Would you reproduce the entries that follow exactly as they appear?

Source records
================================

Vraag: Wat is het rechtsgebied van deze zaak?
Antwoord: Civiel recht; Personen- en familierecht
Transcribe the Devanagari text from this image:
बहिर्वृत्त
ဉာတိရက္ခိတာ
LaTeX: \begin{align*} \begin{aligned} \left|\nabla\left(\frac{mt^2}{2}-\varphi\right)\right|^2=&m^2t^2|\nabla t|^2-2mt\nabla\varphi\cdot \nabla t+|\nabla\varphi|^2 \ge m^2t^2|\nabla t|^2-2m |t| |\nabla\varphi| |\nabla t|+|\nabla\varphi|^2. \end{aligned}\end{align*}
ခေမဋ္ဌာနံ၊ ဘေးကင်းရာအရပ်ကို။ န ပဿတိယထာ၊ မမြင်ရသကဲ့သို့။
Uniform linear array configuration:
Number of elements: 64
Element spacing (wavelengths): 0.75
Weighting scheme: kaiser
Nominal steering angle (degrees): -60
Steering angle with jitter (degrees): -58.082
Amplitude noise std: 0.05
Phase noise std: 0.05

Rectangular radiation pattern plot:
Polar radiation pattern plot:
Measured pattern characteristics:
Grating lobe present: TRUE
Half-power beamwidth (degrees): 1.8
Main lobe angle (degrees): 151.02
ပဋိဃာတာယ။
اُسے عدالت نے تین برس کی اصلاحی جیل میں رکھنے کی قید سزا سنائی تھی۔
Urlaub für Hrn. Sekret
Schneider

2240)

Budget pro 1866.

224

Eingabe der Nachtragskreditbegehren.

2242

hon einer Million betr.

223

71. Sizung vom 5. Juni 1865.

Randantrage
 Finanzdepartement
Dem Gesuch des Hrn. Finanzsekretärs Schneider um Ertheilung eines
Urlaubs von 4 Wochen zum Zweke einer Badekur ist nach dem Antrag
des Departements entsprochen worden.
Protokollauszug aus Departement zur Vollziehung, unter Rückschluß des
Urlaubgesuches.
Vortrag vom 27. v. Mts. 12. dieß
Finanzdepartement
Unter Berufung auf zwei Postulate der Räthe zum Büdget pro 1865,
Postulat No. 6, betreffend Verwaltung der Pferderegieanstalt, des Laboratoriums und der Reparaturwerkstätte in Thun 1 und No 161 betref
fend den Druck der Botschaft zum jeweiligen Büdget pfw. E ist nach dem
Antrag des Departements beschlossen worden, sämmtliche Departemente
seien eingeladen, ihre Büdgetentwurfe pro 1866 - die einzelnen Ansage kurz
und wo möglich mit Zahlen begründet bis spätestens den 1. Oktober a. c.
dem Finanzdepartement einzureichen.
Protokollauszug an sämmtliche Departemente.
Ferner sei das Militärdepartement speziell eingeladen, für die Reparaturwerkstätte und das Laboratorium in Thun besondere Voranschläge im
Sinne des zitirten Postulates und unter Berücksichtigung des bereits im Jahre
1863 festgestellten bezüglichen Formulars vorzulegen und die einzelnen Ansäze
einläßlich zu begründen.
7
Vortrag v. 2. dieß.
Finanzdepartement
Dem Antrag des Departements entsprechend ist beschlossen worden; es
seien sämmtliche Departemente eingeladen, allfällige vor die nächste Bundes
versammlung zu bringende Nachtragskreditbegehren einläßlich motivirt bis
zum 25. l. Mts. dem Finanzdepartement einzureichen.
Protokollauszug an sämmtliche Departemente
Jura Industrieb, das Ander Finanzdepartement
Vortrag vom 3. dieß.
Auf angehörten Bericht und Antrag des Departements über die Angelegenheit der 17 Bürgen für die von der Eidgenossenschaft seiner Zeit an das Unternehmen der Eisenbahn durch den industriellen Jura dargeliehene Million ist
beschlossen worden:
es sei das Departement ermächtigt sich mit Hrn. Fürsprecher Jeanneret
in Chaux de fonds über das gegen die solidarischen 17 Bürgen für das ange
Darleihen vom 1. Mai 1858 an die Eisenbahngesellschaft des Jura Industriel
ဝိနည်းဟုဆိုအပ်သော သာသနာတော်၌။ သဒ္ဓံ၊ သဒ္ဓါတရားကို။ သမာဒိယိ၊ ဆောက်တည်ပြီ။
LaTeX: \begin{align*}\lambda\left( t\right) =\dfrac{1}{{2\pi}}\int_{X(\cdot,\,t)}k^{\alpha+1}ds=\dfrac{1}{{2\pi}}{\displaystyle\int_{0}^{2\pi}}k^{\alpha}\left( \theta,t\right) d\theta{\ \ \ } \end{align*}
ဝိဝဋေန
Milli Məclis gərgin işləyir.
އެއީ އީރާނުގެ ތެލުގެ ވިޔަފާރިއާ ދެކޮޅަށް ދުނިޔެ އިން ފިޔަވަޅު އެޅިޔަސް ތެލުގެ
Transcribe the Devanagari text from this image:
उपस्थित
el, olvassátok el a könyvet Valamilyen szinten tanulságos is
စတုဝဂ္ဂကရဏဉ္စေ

================================

--- Solution to this task ---
Vraag: Wat is het rechtsgebied van deze zaak?
Antwoord: Civiel recht; Personen- en familierecht
Transcribe the Devanagari text from this image:
बहिर्वृत्त
ဉာတိရက္ခိတာ
LaTeX: \begin{align*} \begin{aligned} \left|\nabla\left(\frac{mt^2}{2}-\varphi\right)\right|^2=&m^2t^2|\nabla t|^2-2mt\nabla\varphi\cdot \nabla t+|\nabla\varphi|^2 \ge m^2t^2|\nabla t|^2-2m |t| |\nabla\varphi| |\nabla t|+|\nabla\varphi|^2. \end{aligned}\end{align*}
ခေမဋ္ဌာနံ၊ ဘေးကင်းရာအရပ်ကို။ န ပဿတိယထာ၊ မမြင်ရသကဲ့သို့။
Uniform linear array configuration:
Number of elements: 64
Element spacing (wavelengths): 0.75
Weighting scheme: kaiser
Nominal steering angle (degrees): -60
Steering angle with jitter (degrees): -58.082
Amplitude noise std: 0.05
Phase noise std: 0.05

Rectangular radiation pattern plot:
Polar radiation pattern plot:
Measured pattern characteristics:
Grating lobe present: TRUE
Half-power beamwidth (degrees): 1.8
Main lobe angle (degrees): 151.02
ပဋိဃာတာယ။
اُسے عدالت نے تین برس کی اصلاحی جیل میں رکھنے کی قید سزا سنائی تھی۔
Urlaub für Hrn. Sekret
Schneider

2240)

Budget pro 1866.

224

Eingabe der Nachtragskreditbegehren.

2242

hon einer Million betr.

223

71. Sizung vom 5. Juni 1865.

Randantrage
 Finanzdepartement
Dem Gesuch des Hrn. Finanzsekretärs Schneider um Ertheilung eines
Urlaubs von 4 Wochen zum Zweke einer Badekur ist nach dem Antrag
des Departements entsprochen worden.
Protokollauszug aus Departement zur Vollziehung, unter Rückschluß des
Urlaubgesuches.
Vortrag vom 27. v. Mts. 12. dieß
Finanzdepartement
Unter Berufung auf zwei Postulate der Räthe zum Büdget pro 1865,
Postulat No. 6, betreffend Verwaltung der Pferderegieanstalt, des Laboratoriums und der Reparaturwerkstätte in Thun 1 und No 161 betref
fend den Druck der Botschaft zum jeweiligen Büdget pfw. E ist nach dem
Antrag des Departements beschlossen worden, sämmtliche Departemente
seien eingeladen, ihre Büdgetentwurfe pro 1866 - die einzelnen Ansage kurz
und wo möglich mit Zahlen begründet bis spätestens den 1. Oktober a. c.
dem Finanzdepartement einzureichen.
Protokollauszug an sämmtliche Departemente.
Ferner sei das Militärdepartement speziell eingeladen, für die Reparaturwerkstätte und das Laboratorium in Thun besondere Voranschläge im
Sinne des zitirten Postulates und unter Berücksichtigung des bereits im Jahre
1863 festgestellten bezüglichen Formulars vorzulegen und die einzelnen Ansäze
einläßlich zu begründen.
7
Vortrag v. 2. dieß.
Finanzdepartement
Dem Antrag des Departements entsprechend ist beschlossen worden; es
seien sämmtliche Departemente eingeladen, allfällige vor die nächste Bundes
versammlung zu bringende Nachtragskreditbegehren einläßlich motivirt bis
zum 25. l. Mts. dem Finanzdepartement einzureichen.
Protokollauszug an sämmtliche Departemente
Jura Industrieb, das Ander Finanzdepartement
Vortrag vom 3. dieß.
Auf angehörten Bericht und Antrag des Departements über die Angelegenheit der 17 Bürgen für die von der Eidgenossenschaft seiner Zeit an das Unternehmen der Eisenbahn durch den industriellen Jura dargeliehene Million ist
beschlossen worden:
es sei das Departement ermächtigt sich mit Hrn. Fürsprecher Jeanneret
in Chaux de fonds über das gegen die solidarischen 17 Bürgen für das ange
Darleihen vom 1. Mai 1858 an die Eisenbahngesellschaft des Jura Industriel
ဝိနည်းဟုဆိုအပ်သော သာသနာတော်၌။ သဒ္ဓံ၊ သဒ္ဓါတရားကို။ သမာဒိယိ၊ ဆောက်တည်ပြီ။
LaTeX: \begin{align*}\lambda\left( t\right) =\dfrac{1}{{2\pi}}\int_{X(\cdot,\,t)}k^{\alpha+1}ds=\dfrac{1}{{2\pi}}{\displaystyle\int_{0}^{2\pi}}k^{\alpha}\left( \theta,t\right) d\theta{\ \ \ } \end{align*}
ဝိဝဋေန
Milli Məclis gərgin işləyir.
އެއީ އީރާނުގެ ތެލުގެ ވިޔަފާރިއާ ދެކޮޅަށް ދުނިޔެ އިން ފިޔަވަޅު އެޅިޔަސް ތެލުގެ
Transcribe the Devanagari text from this image:
उपस्थित
el, olvassátok el a könyvet Valamilyen szinten tanulságos is
စတုဝဂ္ဂကရဏဉ္စေ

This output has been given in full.